António Cabral para Eito Fora por Pedro Colaço Rosário (2001)

António Cabral [1931-2007] foi um poeta, ficcionista, cronista, ensaísta, dramaturgo, etnógrafo e divulgador da cultura popular portuguesa.

Nascido em Castedo do Douro, em pleno coração duriense, a 30 de Abril de 1931, iniciou a actividade literária com o livro de poesia Sonhos do meu anjo, publicado em 1951. Ao longo de 56 anos de carreira dedicada à escrita, publicou mais de 50 livros em nome próprio, abraçando géneros tão diversos como a poesia, o teatro, a ficção e o ensaio, dedicando-se em paralelo ao estudo apurado e divulgação das tradições populares portuguesas. As suas raízes transmontano-durienses e a ligação à terra que o viu nascer, “o Paraíso do vinho e do suor“, são presença incontornável em toda a sua obra.

Colaborou em jornais e revistas de todo o país, co-fundou as publicações Setentrião, Tellus e Nordeste Cultural, participou em programas televisivos, radiofónicos e conferências, contribuiu com textos para várias antologias, colectâneas e manuais escolares, prefaciou livros.

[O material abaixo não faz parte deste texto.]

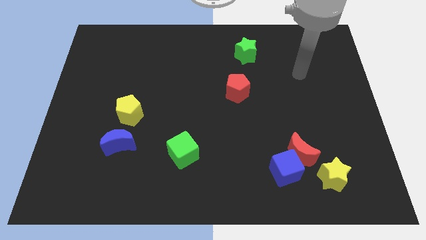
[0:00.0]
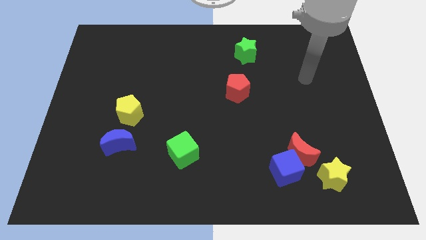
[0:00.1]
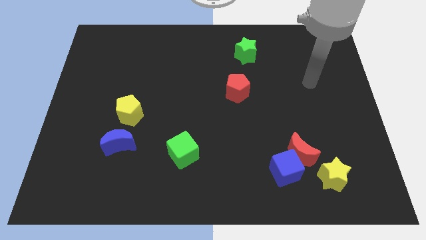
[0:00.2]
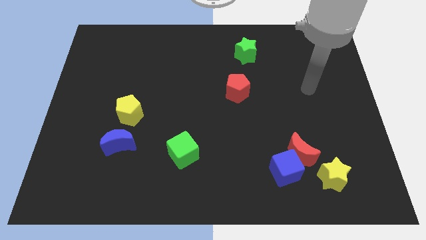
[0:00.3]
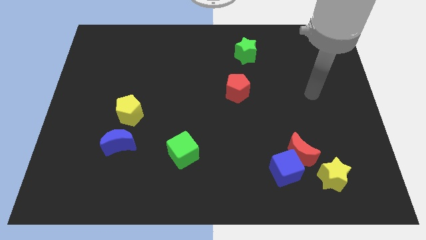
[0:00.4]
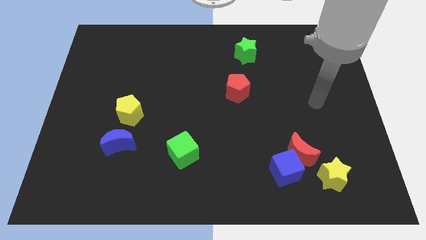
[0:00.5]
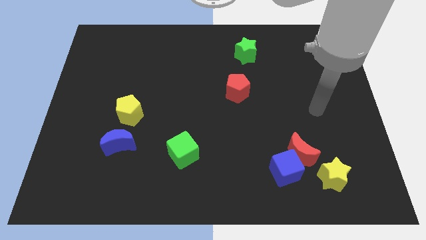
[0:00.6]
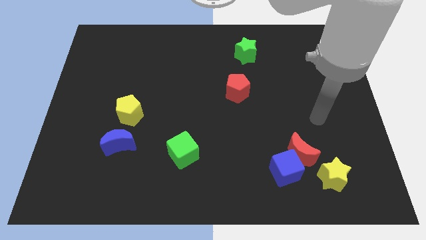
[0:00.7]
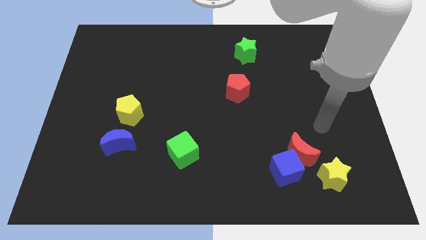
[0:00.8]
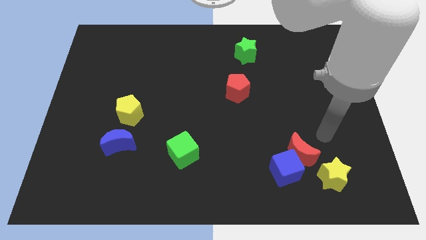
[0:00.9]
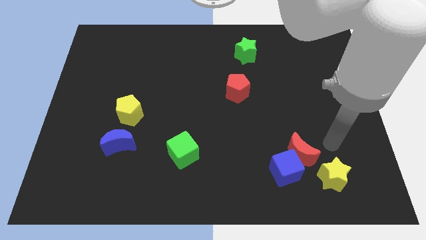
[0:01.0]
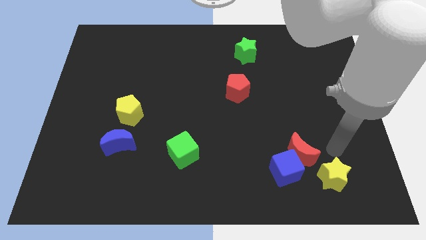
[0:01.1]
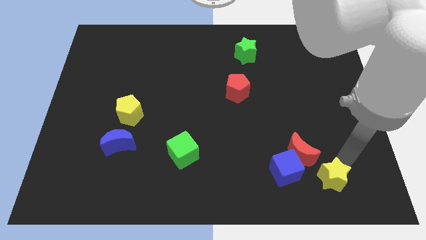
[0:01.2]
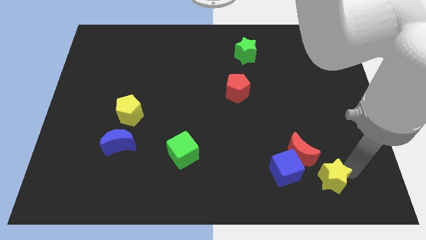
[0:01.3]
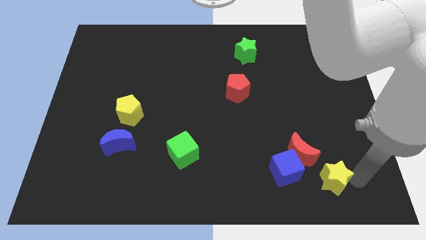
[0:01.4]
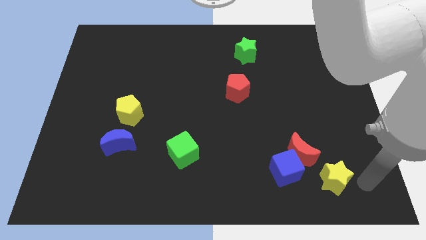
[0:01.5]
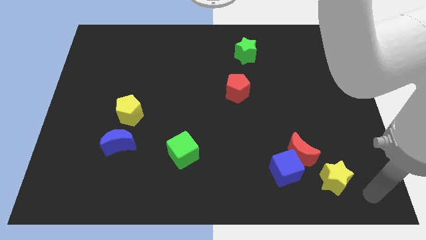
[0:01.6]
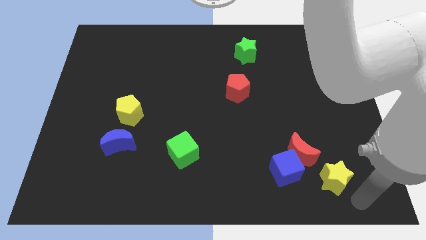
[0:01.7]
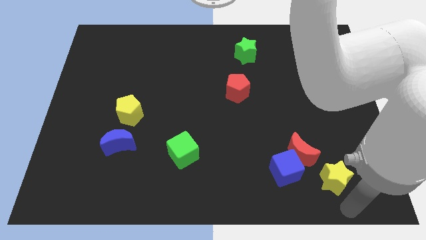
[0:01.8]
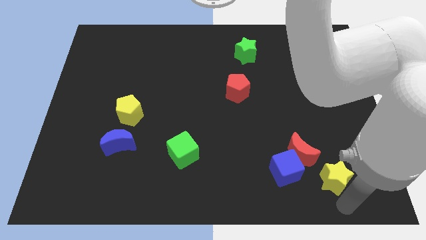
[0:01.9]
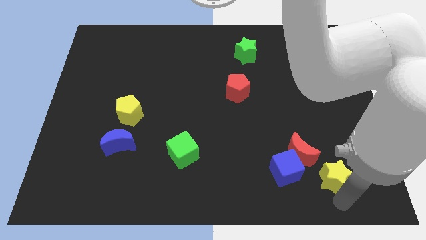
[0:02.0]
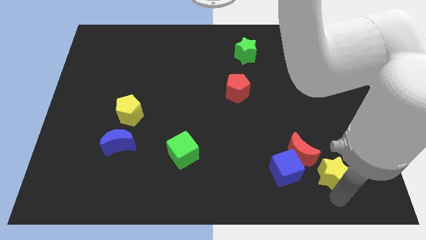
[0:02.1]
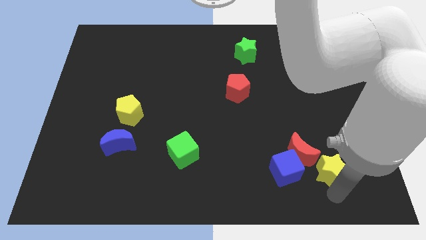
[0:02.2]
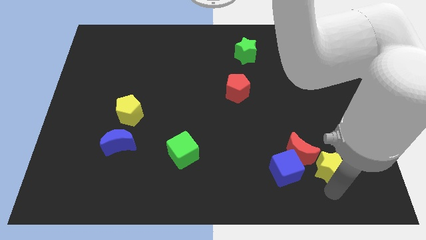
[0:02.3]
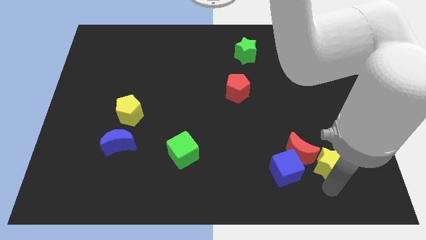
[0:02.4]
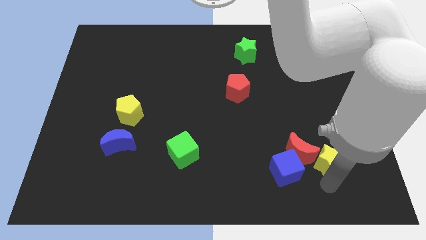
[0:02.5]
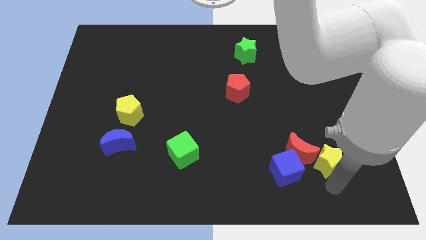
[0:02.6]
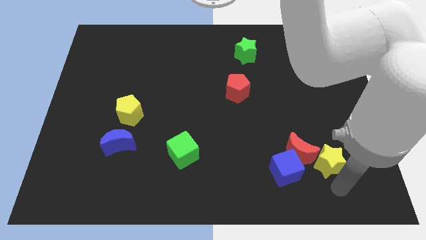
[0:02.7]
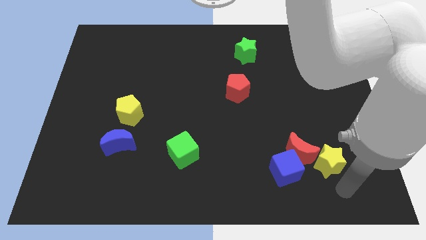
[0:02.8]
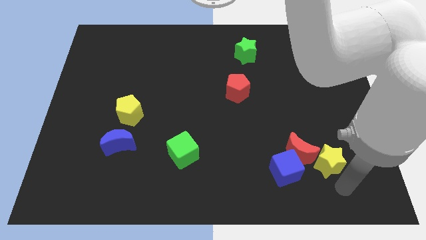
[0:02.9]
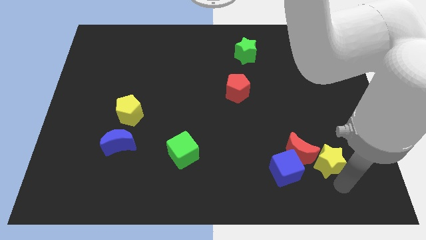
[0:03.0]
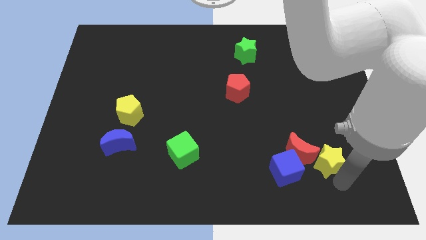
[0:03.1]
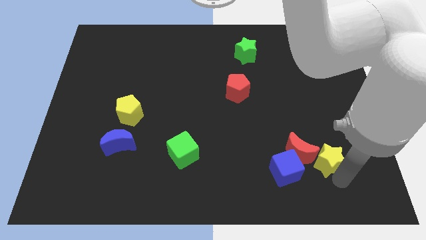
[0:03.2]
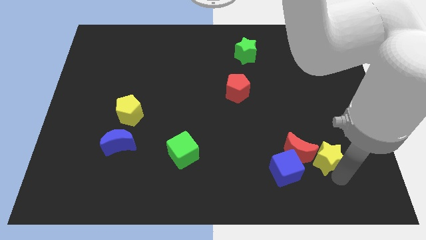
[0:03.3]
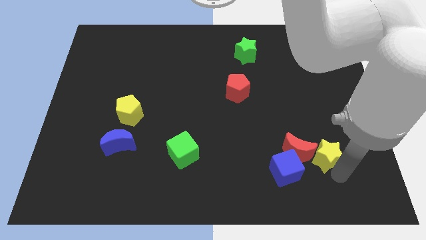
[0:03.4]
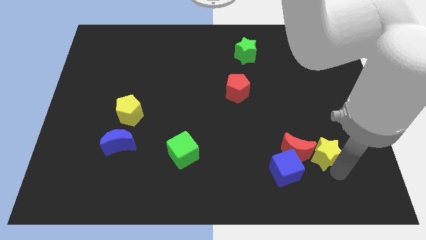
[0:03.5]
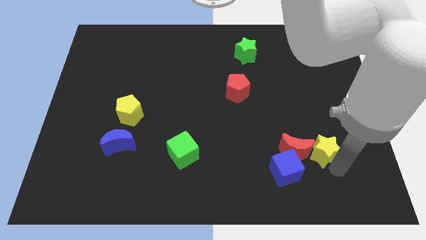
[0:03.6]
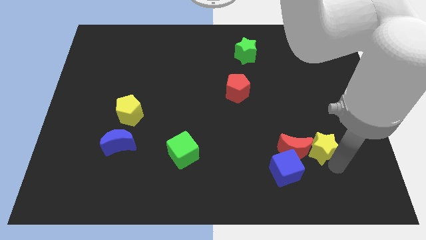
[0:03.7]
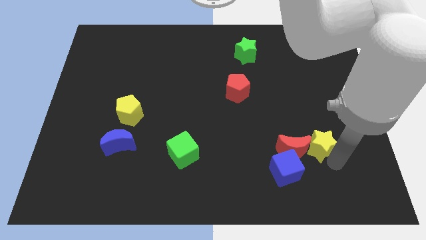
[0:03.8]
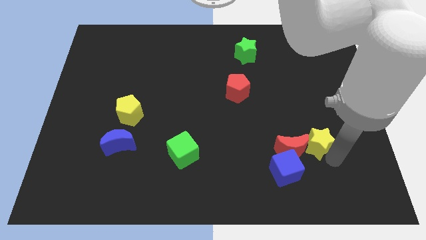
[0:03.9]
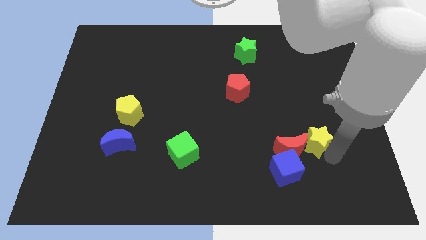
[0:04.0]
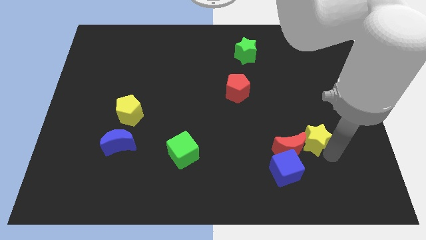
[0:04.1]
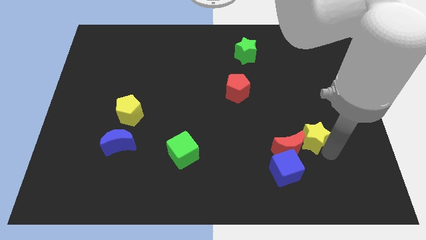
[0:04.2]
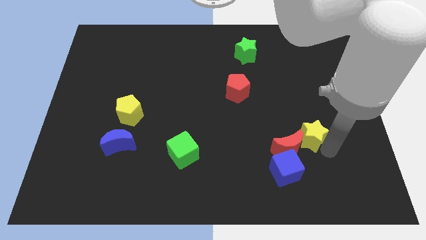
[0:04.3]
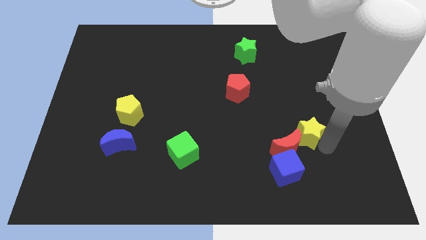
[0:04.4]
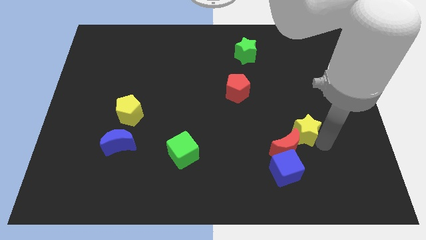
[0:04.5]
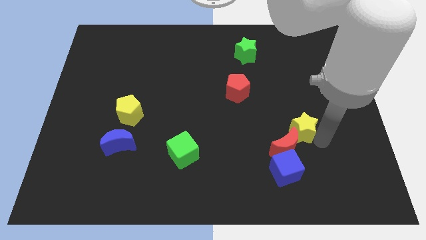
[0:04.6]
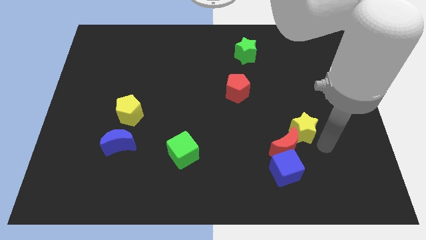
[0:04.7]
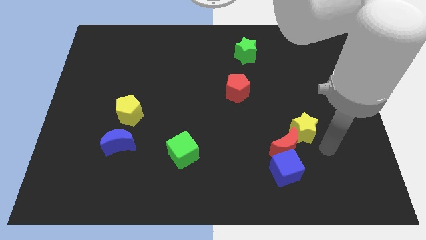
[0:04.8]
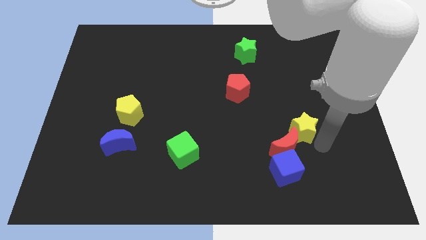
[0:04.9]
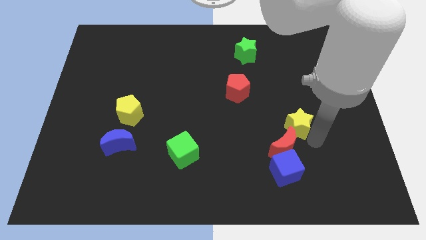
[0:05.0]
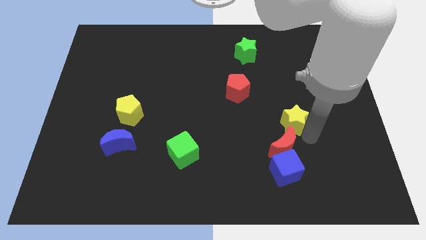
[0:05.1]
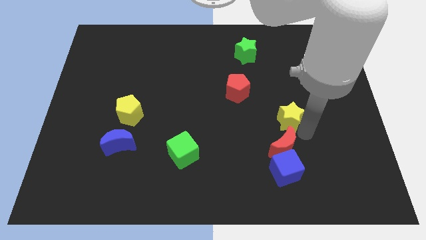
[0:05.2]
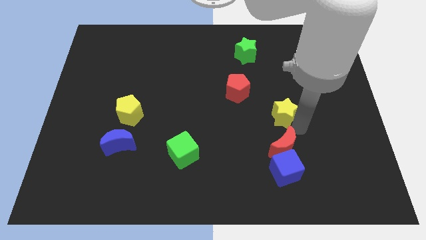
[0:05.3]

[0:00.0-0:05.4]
slide the yellow star diagonally down and to the right of the red pentagon

Alguns dos seus poemas foram cantados, no período pré 25 de Abril, por Francisco Fanhais, Adriano Correia de Oliveira, Manuel Freire e, mais recentemente, interpretados pelos Xícara, Rui Spranger, Blandino e Rui David.

No campo da intervenção sociocultural dirigiu, a nível distrital, instituições como o F.A.O.J. (Fundo de Apoio aos Organismos Juvenis) e o I.N.A.T.E.L. (Instituto Nacional de Aproveitamento dos Tempos Livres), fundou e co-fundou o Centro Cultural Regional de Vila Real (C.C.R.V.R.) e A.N.A.S.C. (Associação Nacional dos Animadores Socioculturais), respectivamente. Como Presidente do C.C.R.V.R., promoveu cinco encontros de escritores e jornalistas de Trás-os-Montes e Alto Douro e impulsionou a realização de vários encontros de jogos populares em Portugal e no estrangeiro.

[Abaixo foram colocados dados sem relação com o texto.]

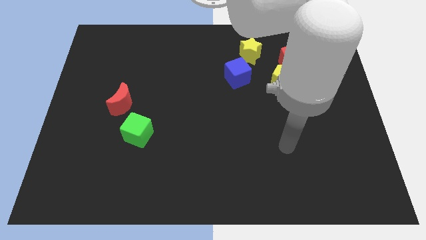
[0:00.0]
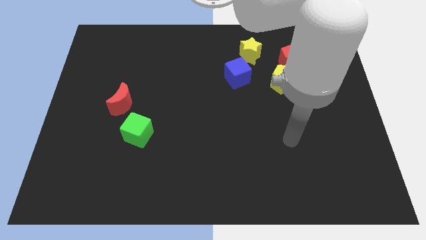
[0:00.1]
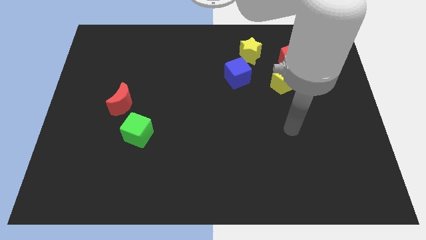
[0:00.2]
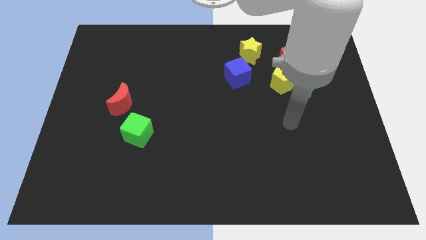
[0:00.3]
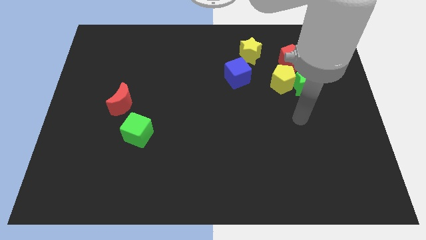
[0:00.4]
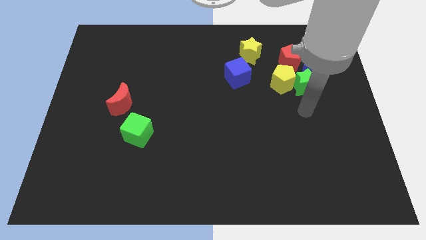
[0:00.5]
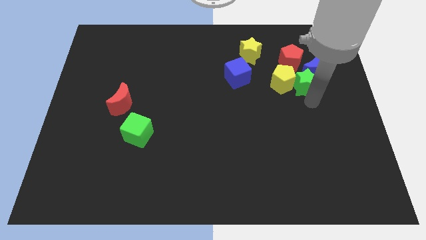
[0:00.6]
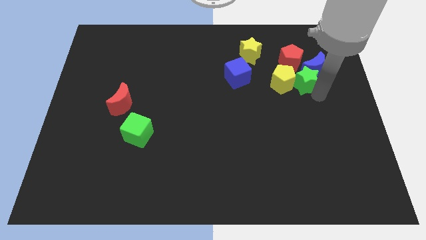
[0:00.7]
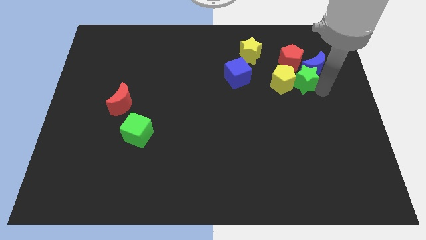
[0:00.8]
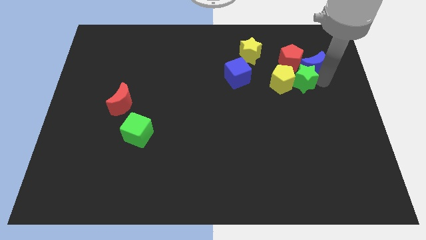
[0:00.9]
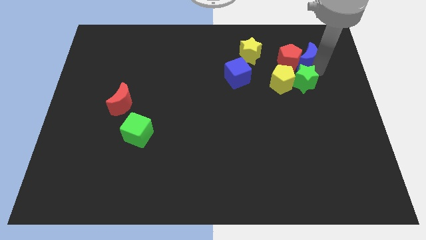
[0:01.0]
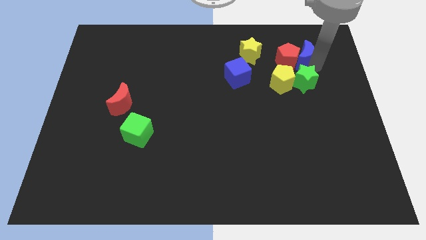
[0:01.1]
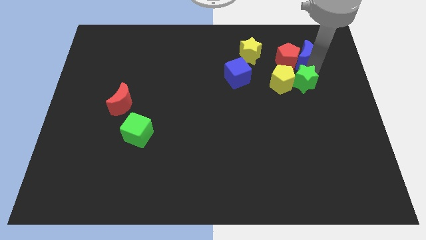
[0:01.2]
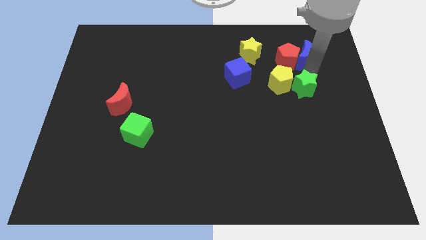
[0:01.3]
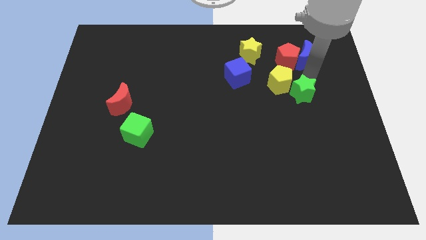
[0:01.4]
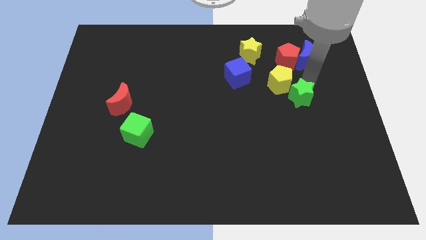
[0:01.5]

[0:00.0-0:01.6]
push the green star to the bottom of the yellow pentagon

Diplomado em Teologia pelo Seminário de Santa Clara de Vila Real e Licenciado em Filosofia pela Universidade do Porto, António Cabral exerceu actividade de docente nesta cidade desde 1961 até 2007, no ensino particular, secundário e Magistério Primário, com um breve interregno entre 1988 e 1991, anos em que se dedicou à investigação de jogos populares e ludoteoria como bolseiro do Ministério da Educação.

Foi agraciado com as medalhas de prata de mérito municipal pelas autarquias de Alijó (1985) e Vila Real (1990).

António Cabral faleceu em Vila Real, vítima de doença cardíaca, a 23 de Outubro de 2007. Tinha 76 anos de idade. Nesse mesmo ano de 2007 publicou o livro de poesia O rio que perdeu as margens e deixou no prelo A tentação de Santo Antão, prémio nacional de poesia Fernão Magalhães Gonçalves.